Paris Anlaşması’nda ortaya konan hedeflere ilişkin adımların düzenli olarak gözden geçirilmesi öngörülmüştü. Bu yıl gözden geçirme süreci başlıyor. Şimdiye kadar ülkeler tarafından emisyon azaltımı, uyum ve finansman gibi anlaşmanın belli başlı alanlarında atılan adımlar bir bütün olarak ele alınacak. Ortaya konan amaçlarla, bugüne dek atılan adımlar arasında nasıl bir boşluk olduğu değerlendirilecek.
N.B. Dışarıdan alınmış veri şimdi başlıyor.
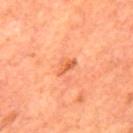{"biopsy_status": "not biopsied; imaged during a skin examination", "lesion_size": {"long_diameter_mm_approx": 3.0}, "lighting": "cross-polarized", "image": {"source": "total-body photography crop", "field_of_view_mm": 15}, "patient": {"sex": "male", "age_approx": 65}, "site": "mid back"}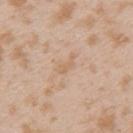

Türkiye ise geçtiğimiz yıl anlaşmaya taraf olarak bu yöndeki iradesini açıkladı. Uzun vadede ise 2053’te net sıfır ülke olma sözü verdi. Bu taahhütleri yerine getirme yolunda yeni azaltım hedefi açıklayacak. Bu, Türkiye için en kritik konu. Bu hedeflerinde ve ortak çabalarda Türkiye üzerine düşeni yapmaya kararlı mı, bunu göreceğiz. Finansman kısmında Türkiye’nin önemli çekinceleri vardı. Ancak geçtiğimiz yıl anlaşmaya taraf olmadan önce imzalanan bir mutabakatla 3,5 milyar dolarlık bir finansman elde etti. Bu yöndeki çekinceleri büyük ölçüde hafifledi. Diğer yandan bir kritik unsur daha var: Emisyon azaltımına giden yolda ülkelerin ortaya koyduğu çabaya yönelik işbirliği mekanizmalarının oluşturulması. Türkiye’de bir emisyon ticaret sisteminin devreye gireceğini biliyoruz. Kyoto Protokolü kapsamında küresel ölçekte emisyon azaltımına yönelik çabalar sonucunda ortaya çıkan sonuçların sertifikalandırılıp ticaretinin yapıldığı bir mekanizma vardı. Paris Anlaşması çerçevesinde de yine bu amaca hizmet eden mekanizmaların oluşturulması öngörüldü. Bu kapsamda bunun nasıl hayata geçirileceğine dair müzakereler de devam edecek. Türkiye’nin bu konudaki pozisyonu da kritik bir nokta olacak.